As mentioned in the Conclusions chapter, kernicterus has many different definitions. Reaching a national consensus in defining this entity, as in the model suggested by Johnson, Bhutani and Brown (2002), will also help in formulating a valid comparison of different databases.

Kernicterus, in general, is associated with high bilirubin level (greater than 20 mg/dl). Without good prevalence and incidence data on hyperbilirubinemia and kernicterus, one would not be able to estimate the risk of kernicterus at a given bilirubin level. Making extreme hyperbilirubinemia and kernicterus a reportable condition would be a first step in that direction.

As kernicterus is infrequent, doing a case control study with kernicterus may help to delineate the role of bilirubin in the development of kernicterus. The necessity of multicenter cooperation is evident. One may have to rely on animal experiments to seek proof that bilirubin is the etiologic agent in kernicterus. It is important to seek other factors that may act in concert with bilirubin to cause kernicterus. Fundamental research on the blood brain barrier will likely yield useful additional data.

It is also clear that an absolute bilirubin level is insufficient by itself to predict long-term neurodevelopmental outcome. The data summarized in this report suggests that using conventional measures of bilirubin to study the effect on neurodevelopment will continue to yield conflicting results. Duration of hyperbilirubinemia and measures of bilirubin binding may provide a better approximation of the effect of bilirubin exposure on the central nervous system.

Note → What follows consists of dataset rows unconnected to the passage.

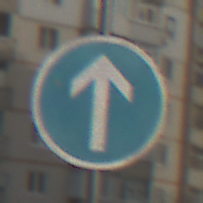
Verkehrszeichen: VorgeschriebeneFahrtrichtungGeradeaus
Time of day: MorningAfternoon
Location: Outdoor (Urban)
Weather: PartlyCloudy
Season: NotSpecified
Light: Natural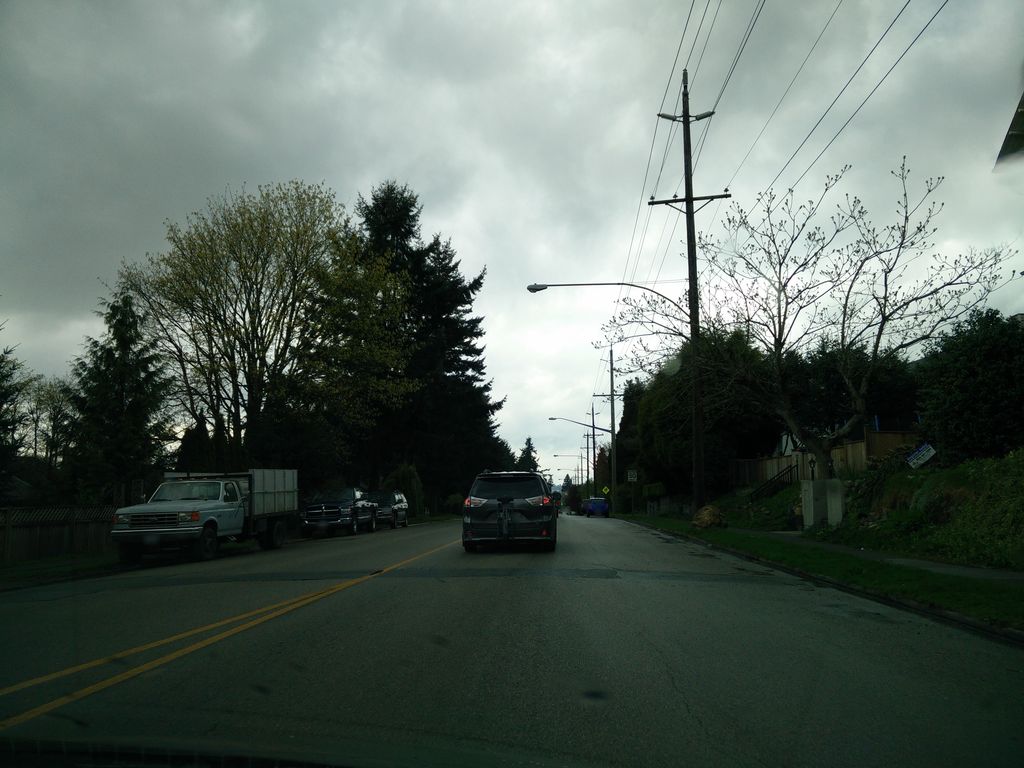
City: vancouver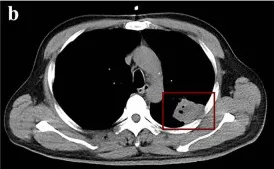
(b) Chest-enhanced CT of case 2 showing a mass in the upper lobe of the left lung (about 45 x 34 mm).
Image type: radiology (ct)
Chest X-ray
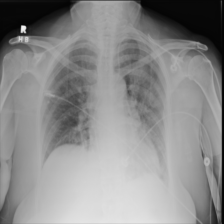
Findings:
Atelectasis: negative
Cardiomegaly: negative
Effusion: negative
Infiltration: negative
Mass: negative
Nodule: negative
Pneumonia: negative
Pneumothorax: negative
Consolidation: negative
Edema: negative
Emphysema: negative
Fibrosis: negative
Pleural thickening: negative
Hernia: negative

Using hour-specific bilirubin, documenting length of exposure and employing laboratory-proven methods to measure bilirubin-albumin binding may therefore yield a more useful profile of bilirubin. These factors merit further investigation.

One area for further research would be the validation of an age-specific (by hour) nomogram for TSB in healthy full term infants, with evaluation of potential differences by gender, race and ethnicity, as well as prenatal, natal and postnatal factors. Once established, use of the 95^th percentile to define clinically significant jaundice would provide uniformity across studies. This would be analogous to the use of age-specific systolic and diastolic blood pressure to define hypertension and age-specific body mass index to define overweight and obesity in children. Validation of a standardized TSB nomogram as discussed above would either incorporate these potential differences or result in the development of population-specific nomograms if differences were significant. This would be analogous to the use of population-specific growth charts for weight and height percentiles in children.

New technological advances in the transcutaneous measurement of bilirubin, such as the Bilicheck™ and Colormate III (that have the ability to correct for skin color effects and hemoglobin) have been introduced and appear promising. Future research should validate these initial findings in diverse clinical populations and address issues that might affect performance such as race, gestational age, age at measurement, phototherapy, sunlight exposure, feeding, and accuracy as screening instruments and for ongoing monitoring of jaundice. Additionally, studies should address cost effectiveness and reproducibility in actual clinical practice. Given the inter-laboratory variability of measurements of TSB (Gourley, 1999; Schreiner and Glick, 1982; Vreman, Verter, Oh, et al., 1996), future studies using HPLC should be used as the reference standard along with the routine laboratory methods of TSB in use when evaluating noninvasive measures of bilirubin.